### Source material

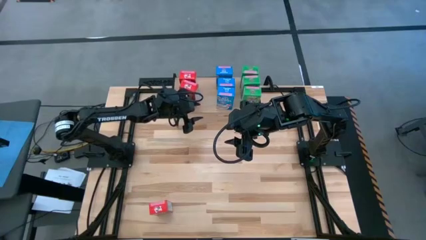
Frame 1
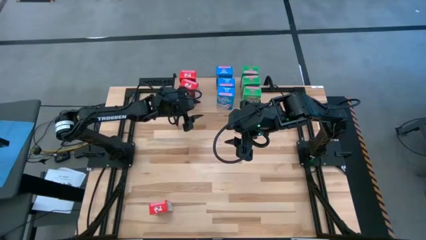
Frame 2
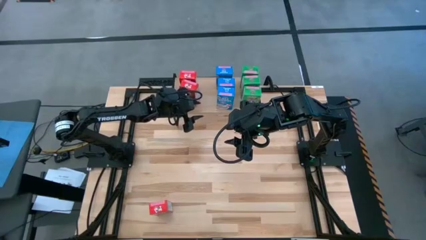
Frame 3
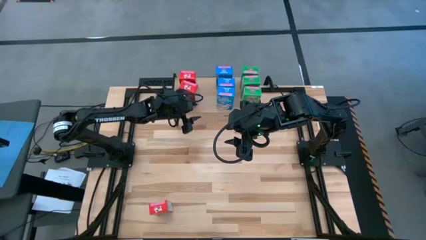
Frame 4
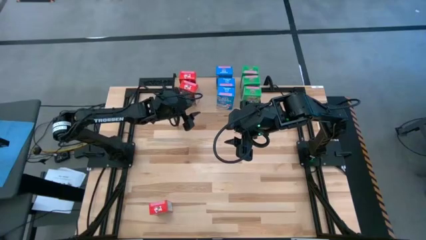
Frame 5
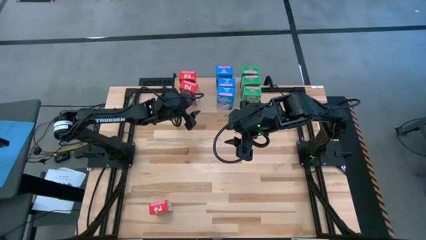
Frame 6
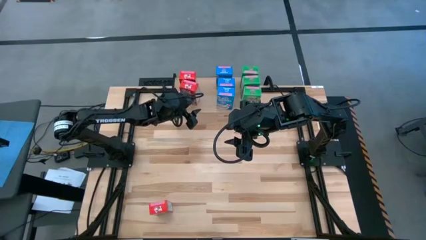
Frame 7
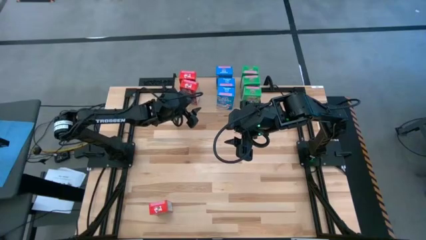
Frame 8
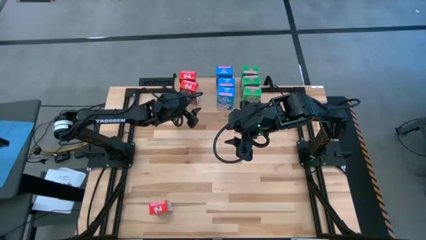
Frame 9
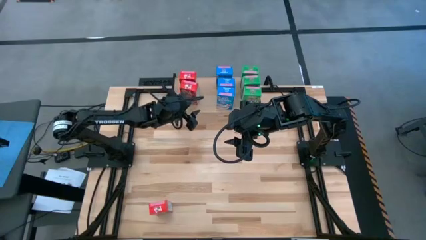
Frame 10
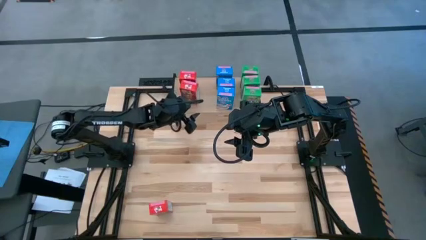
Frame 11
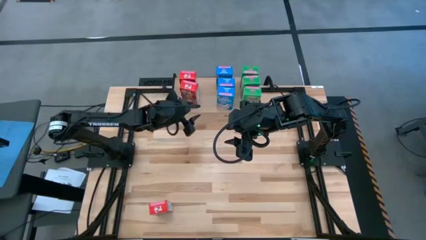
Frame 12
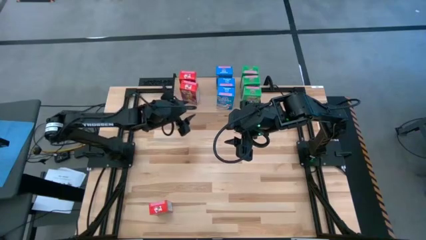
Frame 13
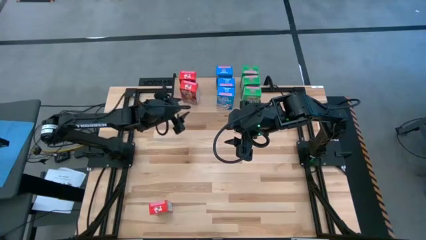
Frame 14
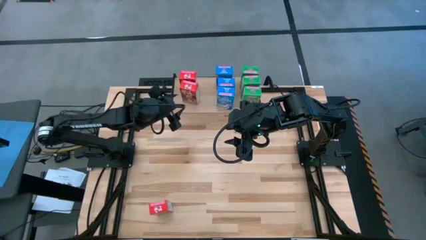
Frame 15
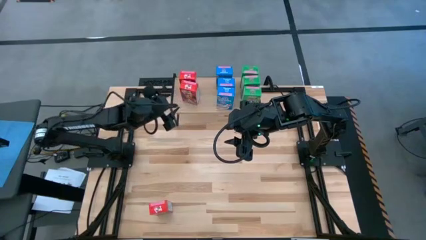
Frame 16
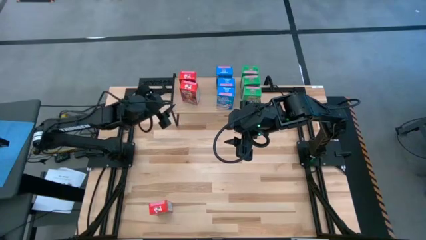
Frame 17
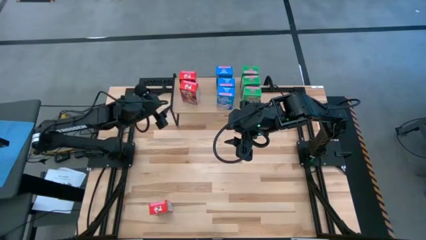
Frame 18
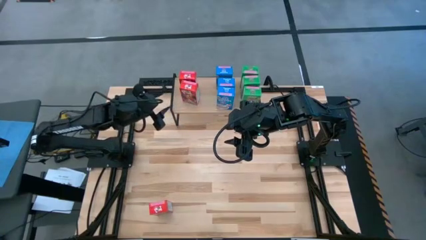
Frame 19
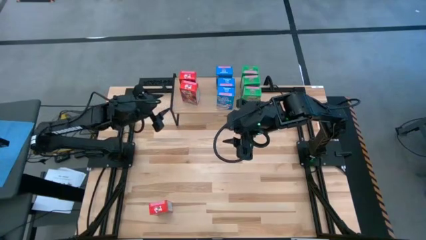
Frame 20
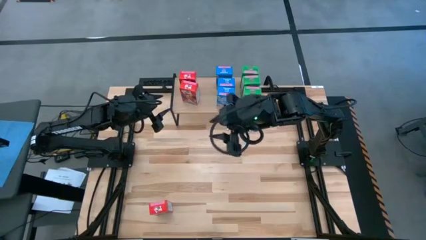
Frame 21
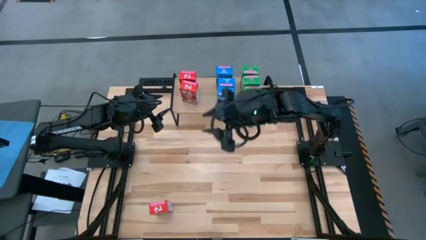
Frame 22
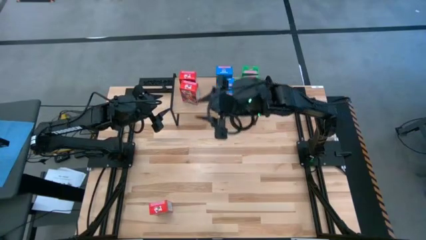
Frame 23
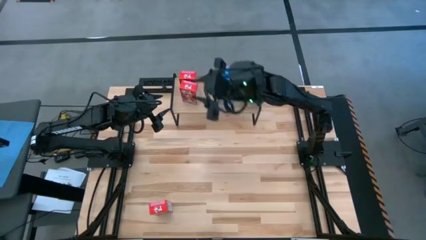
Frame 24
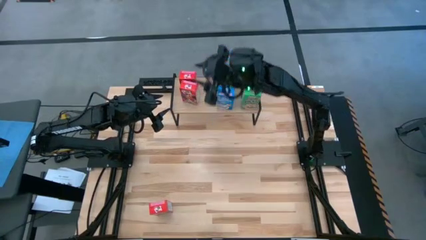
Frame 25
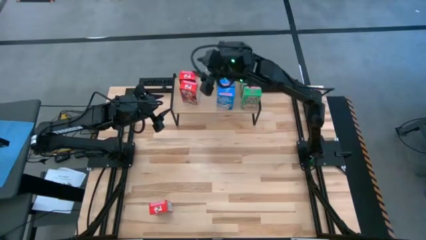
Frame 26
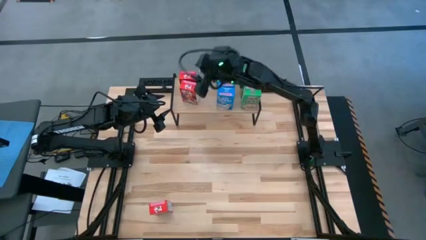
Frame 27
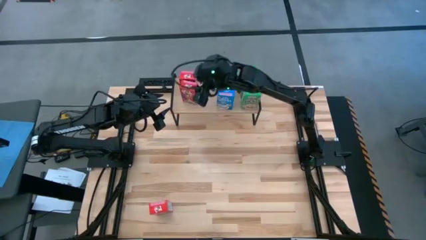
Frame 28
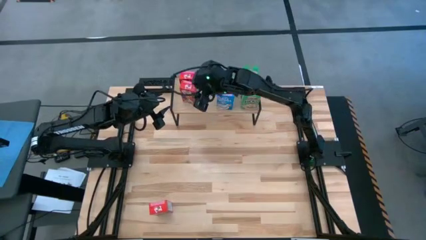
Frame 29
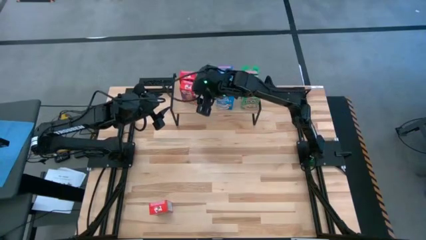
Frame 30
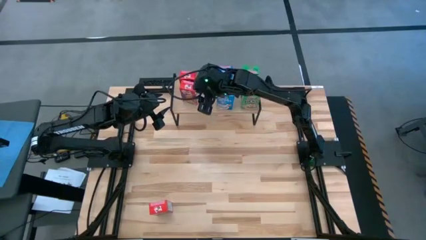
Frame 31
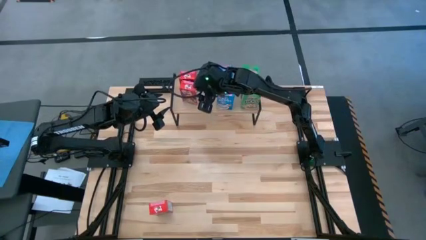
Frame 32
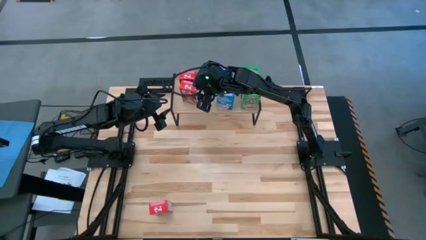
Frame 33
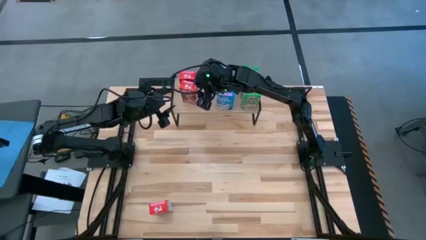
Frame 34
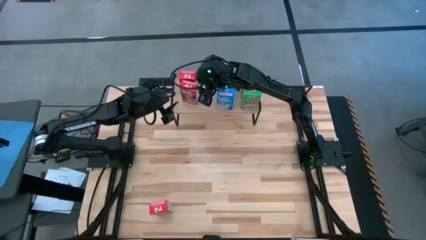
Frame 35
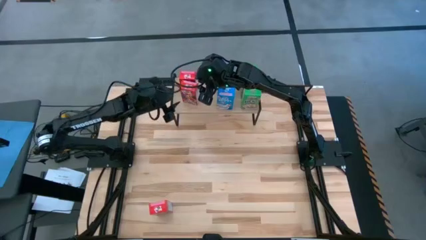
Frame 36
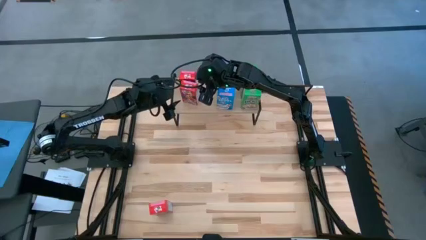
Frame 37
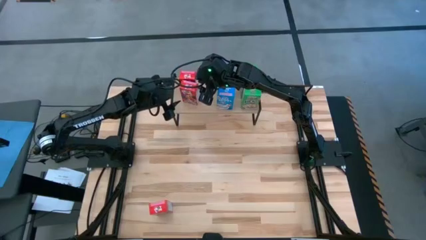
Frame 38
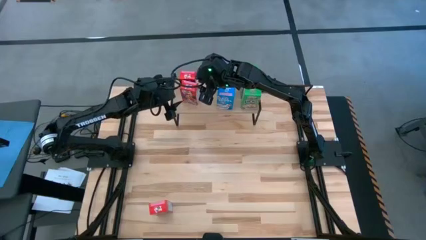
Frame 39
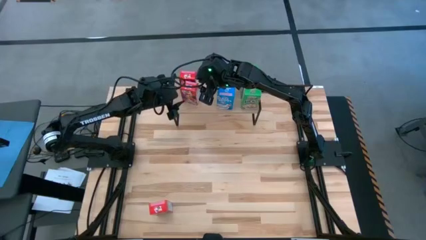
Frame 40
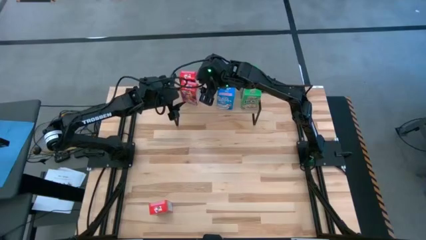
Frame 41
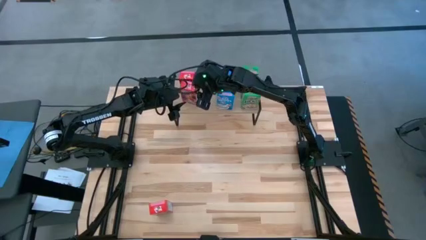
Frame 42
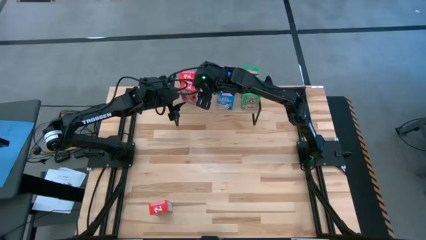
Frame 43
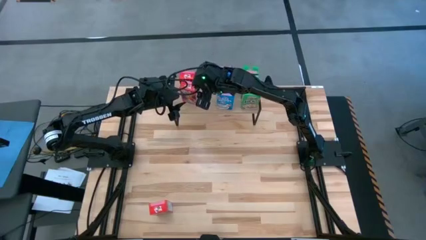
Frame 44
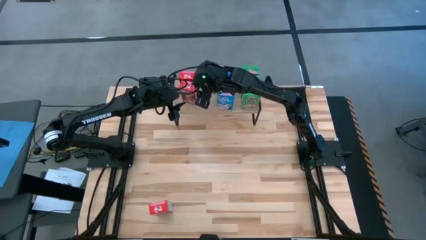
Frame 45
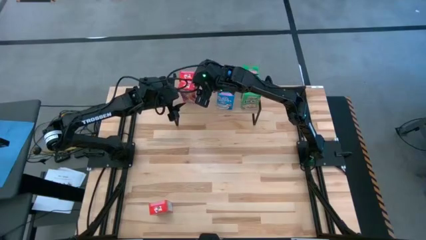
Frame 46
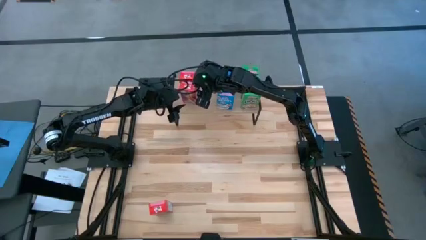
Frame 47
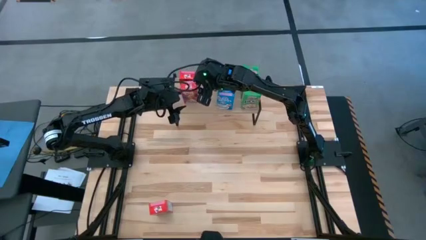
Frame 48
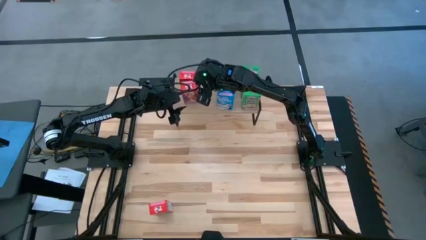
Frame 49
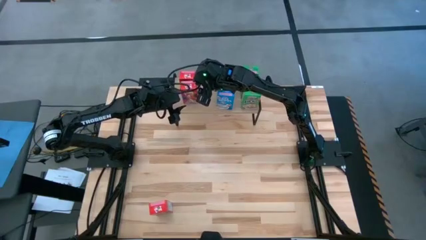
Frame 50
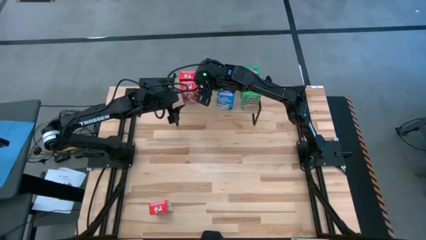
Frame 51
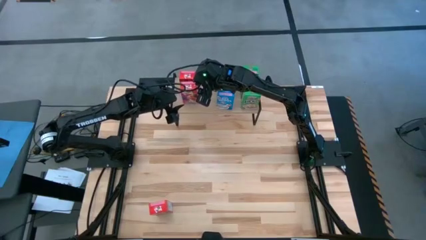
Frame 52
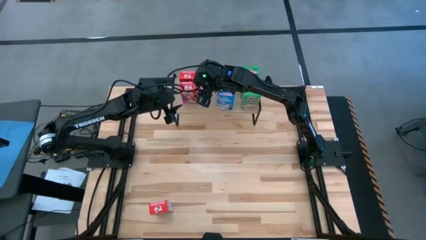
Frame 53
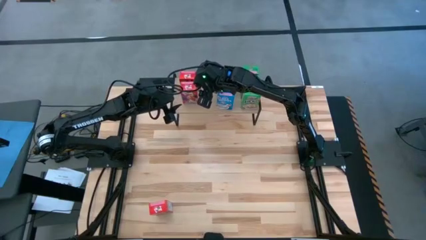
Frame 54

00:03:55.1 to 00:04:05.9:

######

== Exercise goal ==
Every record above should reappear exactly, with the pictures gone.

== Solution to this exercise ==
Frame 1
Frame 2
Frame 3
Frame 4
Frame 5
Frame 6
Frame 7
Frame 8
Frame 9
Frame 10
Frame 11
Frame 12
Frame 13
Frame 14
Frame 15
Frame 16
Frame 17
Frame 18
Frame 19
Frame 20
Frame 21
Frame 22
Frame 23
Frame 24
Frame 25
Frame 26
Frame 27
Frame 28
Frame 29
Frame 30
Frame 31
Frame 32
Frame 33
Frame 34
Frame 35
Frame 36
Frame 37
Frame 38
Frame 39
Frame 40
Frame 41
Frame 42
Frame 43
Frame 44
Frame 45
Frame 46
Frame 47
Frame 48
Frame 49
Frame 50
Frame 51
Frame 52
Frame 53
Frame 54

00:03:55.1 to 00:04:05.9:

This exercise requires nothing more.